In [None]:
import nltk
from nltk.tokenize import word_tokenize

import urllib3
import re
from bs4 import BeautifulSoup
import os
import justext

# Implementing a web crawler to get corpora data

In [None]:
urllib3.disable_warnings(urllib3.exceptions.InsecureRequestWarning)
user_agent = {'user-agent': 'Mozilla/5.0 (Windows NT 6.1; Win64; x64)'}

http = urllib3.PoolManager(cert_reqs='CERT_NONE', num_pools=10, headers=user_agent)


class Crawler:
    
    def __init__(self, corpus_path, max_files, seed_url, url_pattern, corpus_start_number=1):
        self.corpus_path = corpus_path
        self.max_files = max_files
        self.seed_url = seed_url
        self.url_pattern = url_pattern
        self.visited_links = {}
        self.to_be_visited = []
        self.corpus_number = corpus_start_number
        
        if not os.path.exists(self.corpus_path):
            os.makedirs(self.corpus_path)
        
    def crawl(self):
        #gets and saves the first page 
        first_urls = self.get_page(self.seed_url)
        
        #stores the links found in the first page
        self.add_links(first_urls)
        
        #finds the next link to be visited
        next_link = self.get_next_link()
        
        #visits all links found and gets pages 
        while next_link and self.corpus_number <= self.max_files:
            links = self.get_page(next_link)
            self.add_links(links)
            next_link = self.get_next_link()
        
        self.to_be_visited = []
        self.visited_links = {}
    
    def get_page(self, url):
        
        print("getting page {}".format(url))
        response = http.request('GET', url)

        # store text content
        paragraphs = justext.justext(response.data, justext.get_stoplist("Portuguese"))
        paragraphs = [p for p in paragraphs if not p.is_boilerplate]
        
        if(paragraphs): # tests if the page has at least one paragraph
           # print("saving page {}".format(url))
            corpus_name = str(self.corpus_number) + '_' + url.replace(".", "_").replace("/","-")
            corpus_path_name = "{}/{}.txt".format(self.corpus_path, corpus_name)
            with open(corpus_path_name, "w", encoding='utf-8') as output_file:
                for paragraph in paragraphs:
                    output_file.write(paragraph.text.replace('\n', ' ') + ' ')
                self.corpus_number += 1

        # get links 
        complete_url = re.compile("^http.*")
        soup = BeautifulSoup(response.data, 'html.parser')
        links = [link.get('href') if complete_url.match(link.get('href')) 
                 else self.seed_url + link.get('href')
                 for link in soup.findAll('a', attrs={'href': re.compile(self.url_pattern)})]
            
        #print("Found the folowing links: " + str(links))
        print("Visited links: " + str(self.visited_links))
        return links

    def add_links(self, links):
        links = list(set(links))
        self.to_be_visited.extend([link for link in links if link not in self.visited_links])

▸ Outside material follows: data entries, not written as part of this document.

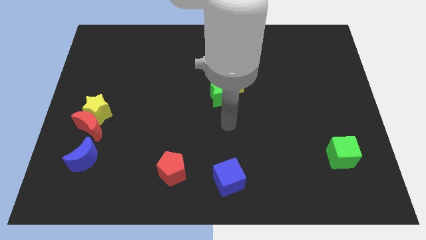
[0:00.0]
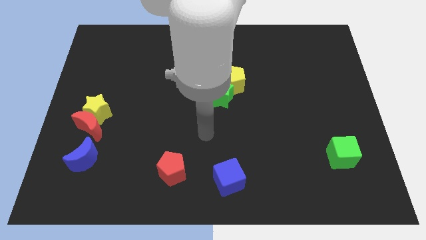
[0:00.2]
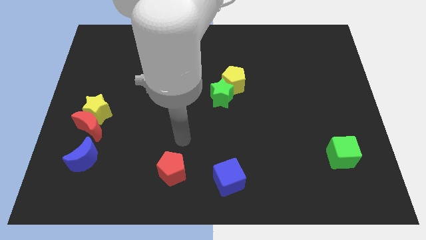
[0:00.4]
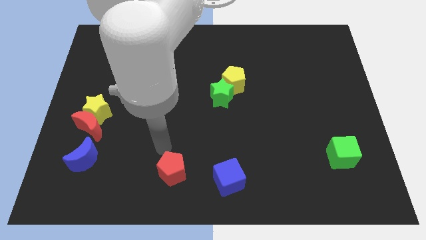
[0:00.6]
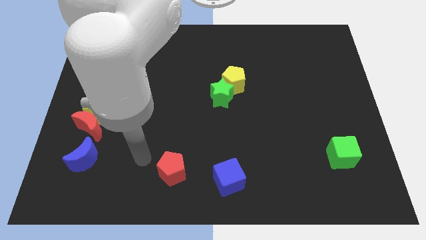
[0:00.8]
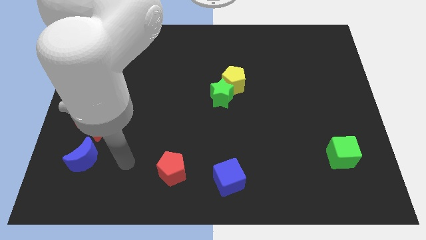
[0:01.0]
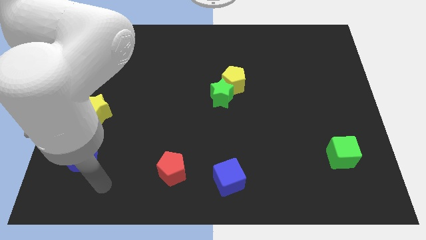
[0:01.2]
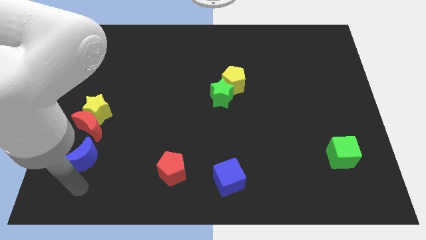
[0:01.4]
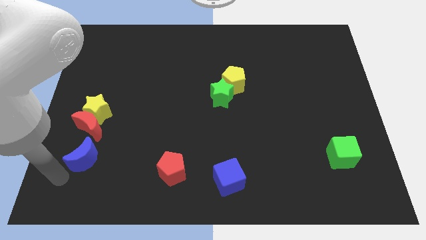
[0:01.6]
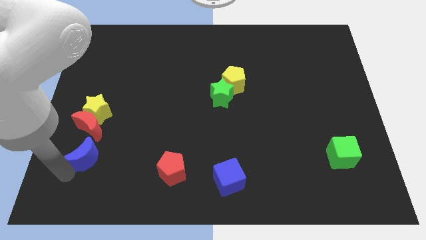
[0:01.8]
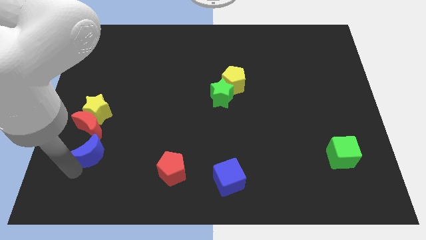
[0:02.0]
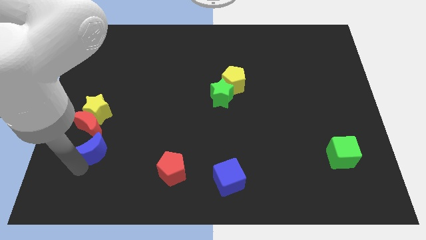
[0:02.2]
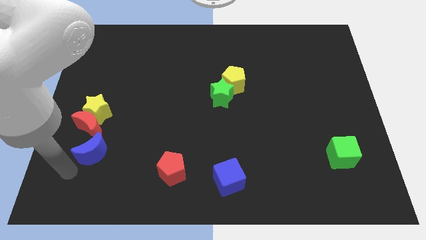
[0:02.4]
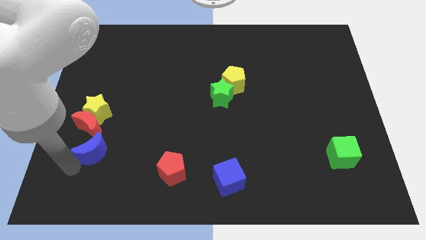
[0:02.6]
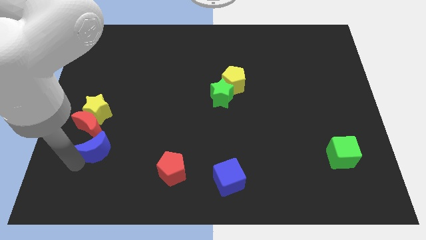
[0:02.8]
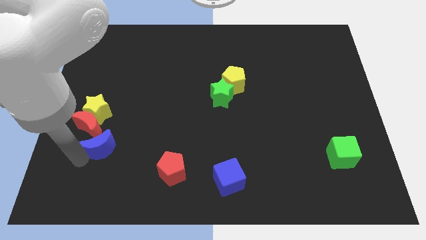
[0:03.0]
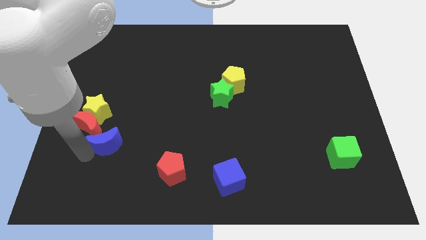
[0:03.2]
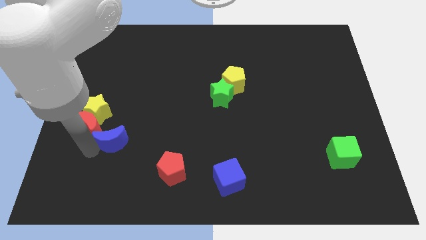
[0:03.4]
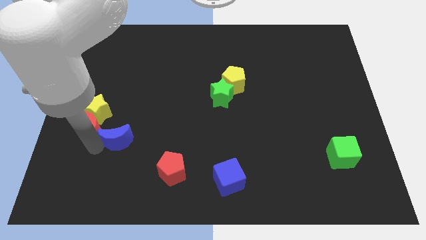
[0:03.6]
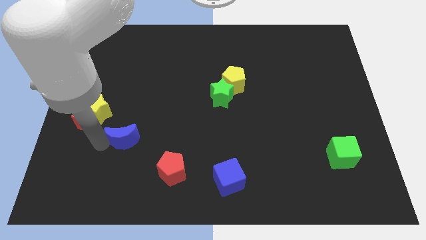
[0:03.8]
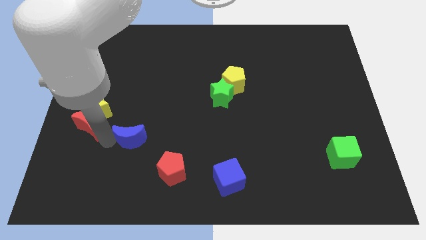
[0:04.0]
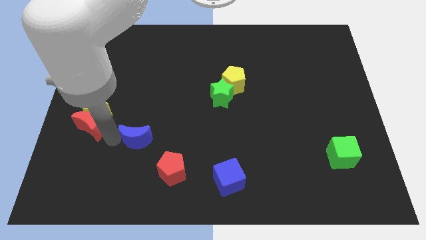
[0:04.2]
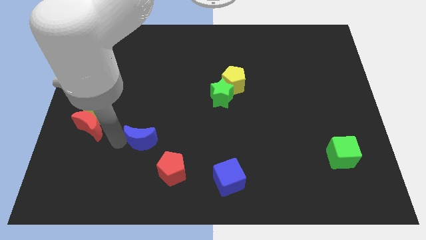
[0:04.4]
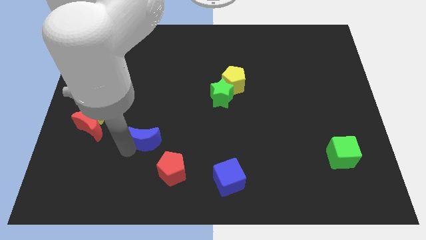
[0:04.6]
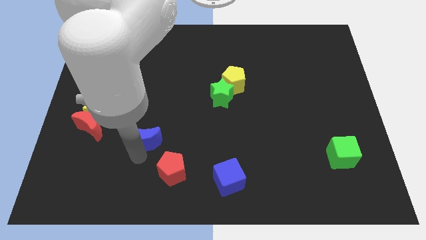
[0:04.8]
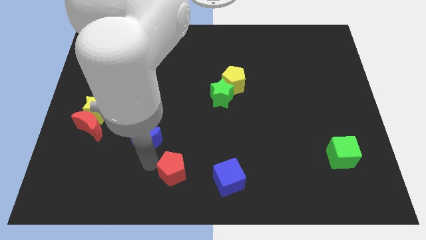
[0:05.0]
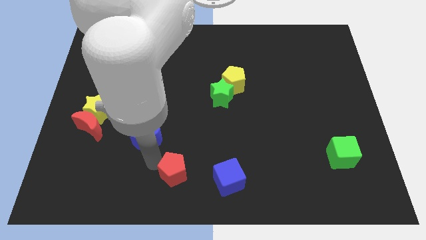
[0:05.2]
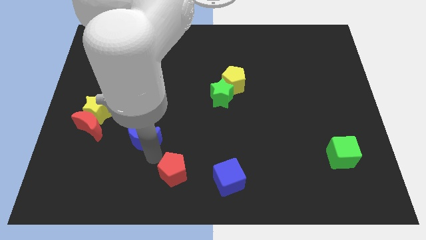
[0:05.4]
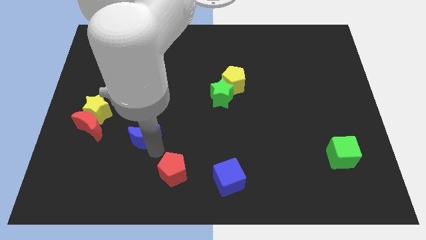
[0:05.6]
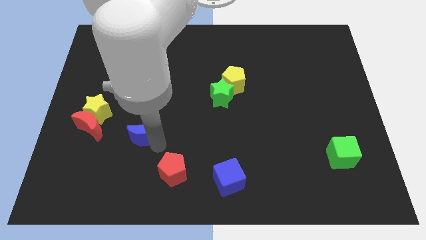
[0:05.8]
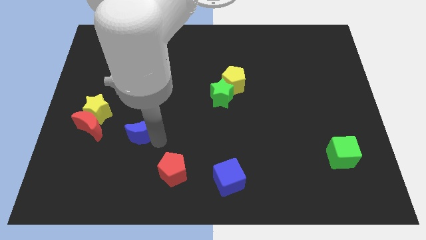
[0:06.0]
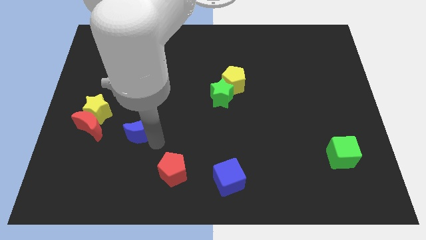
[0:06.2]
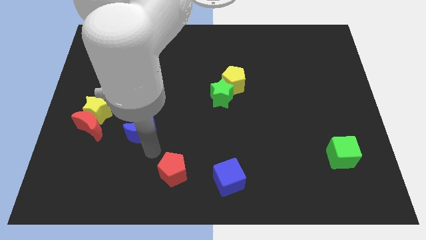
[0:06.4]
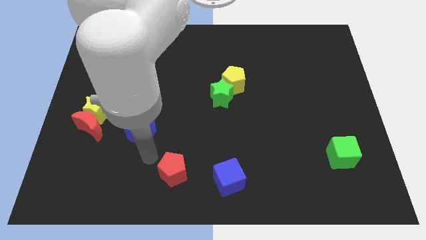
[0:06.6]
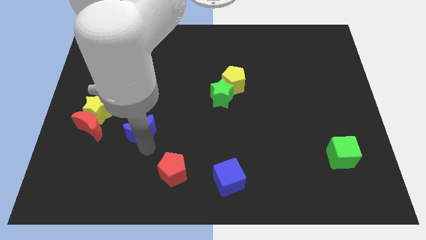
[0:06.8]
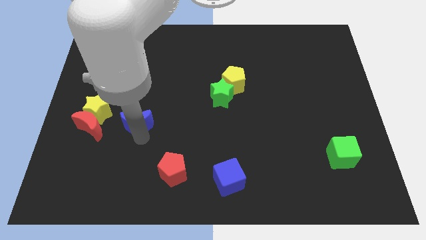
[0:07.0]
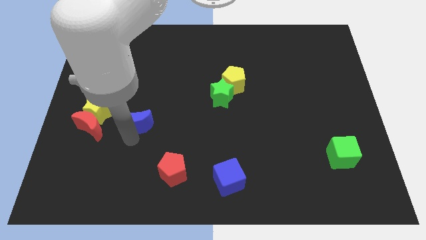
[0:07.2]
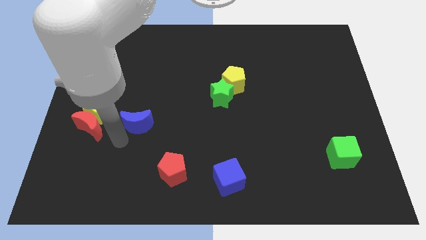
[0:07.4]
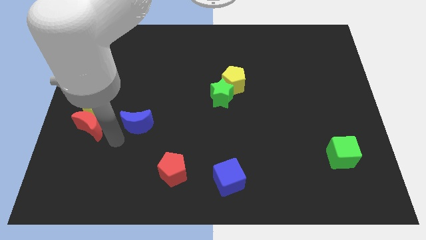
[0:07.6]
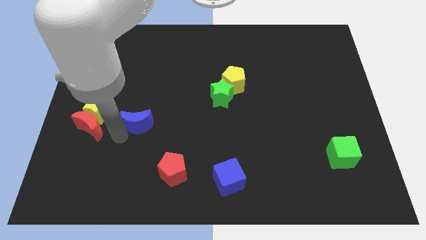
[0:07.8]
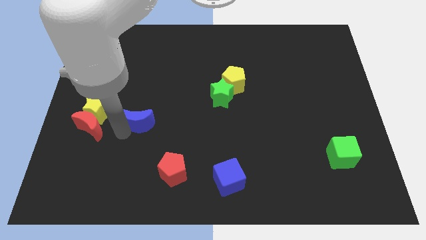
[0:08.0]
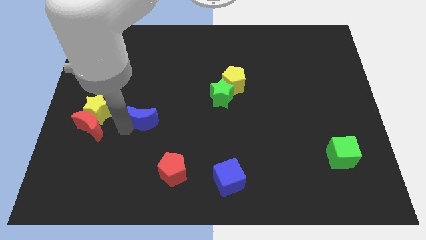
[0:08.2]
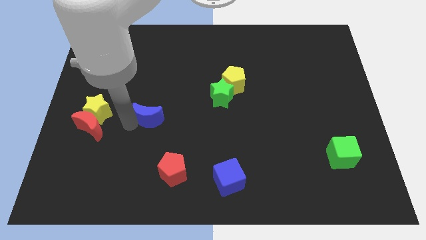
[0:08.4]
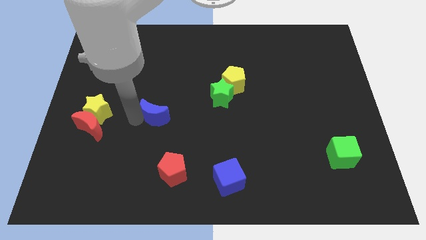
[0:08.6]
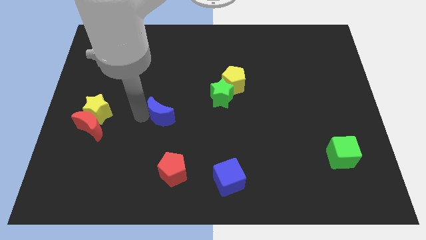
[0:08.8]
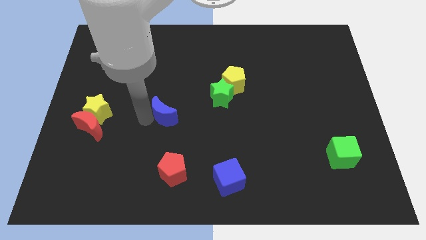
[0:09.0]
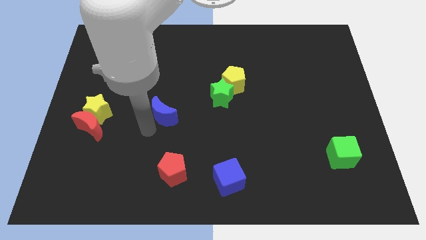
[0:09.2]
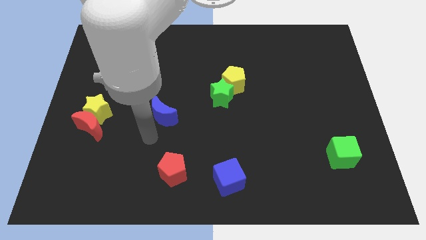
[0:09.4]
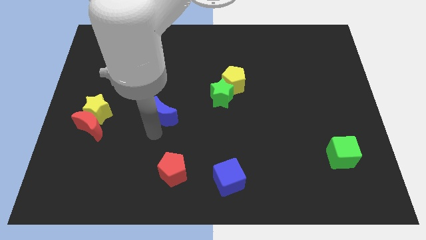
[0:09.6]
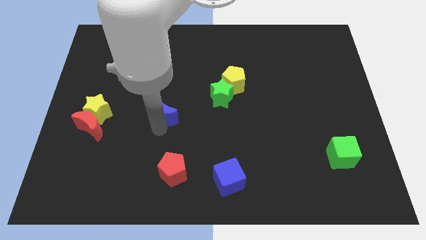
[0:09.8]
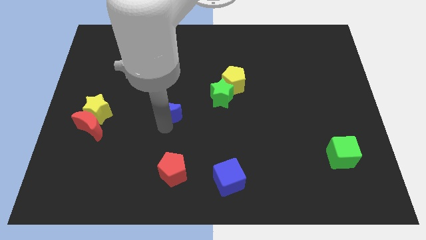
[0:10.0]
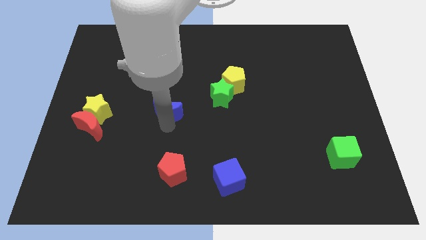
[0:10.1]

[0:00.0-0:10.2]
push the blue moon upwards and then right

    def get_next_link(self):
        next_link = None
        if(self.to_be_visited):
            next_link = self.to_be_visited.pop(0)
            self.visited_links[next_link] = None
        return next_link

# Getting corpus "ciencia_e_tecnologia"

In [None]:
#getting corpora from the site Inovação Tecnológica
tec_path = "../data/corpora/ciencia_e_tecnologia"
tec_seed = "https://www.inovacaotecnologica.com.br/"
tec_reg_exp = "(../)*noticias/.*"
crawler_ciencia_tec = Crawler(tec_path, 500, tec_seed, tec_reg_exp)

In [None]:
#crawler_ciencia_tec.crawl()

# Getting corpus "estporte"

In [None]:
crawler_esporte = Crawler("../data/corpora/esporte", 500, "http://www.blogdoesporte.net/",
                           "^http://www.blogdoesporte.net/\d+")



In [None]:
#crawler_esporte.crawl()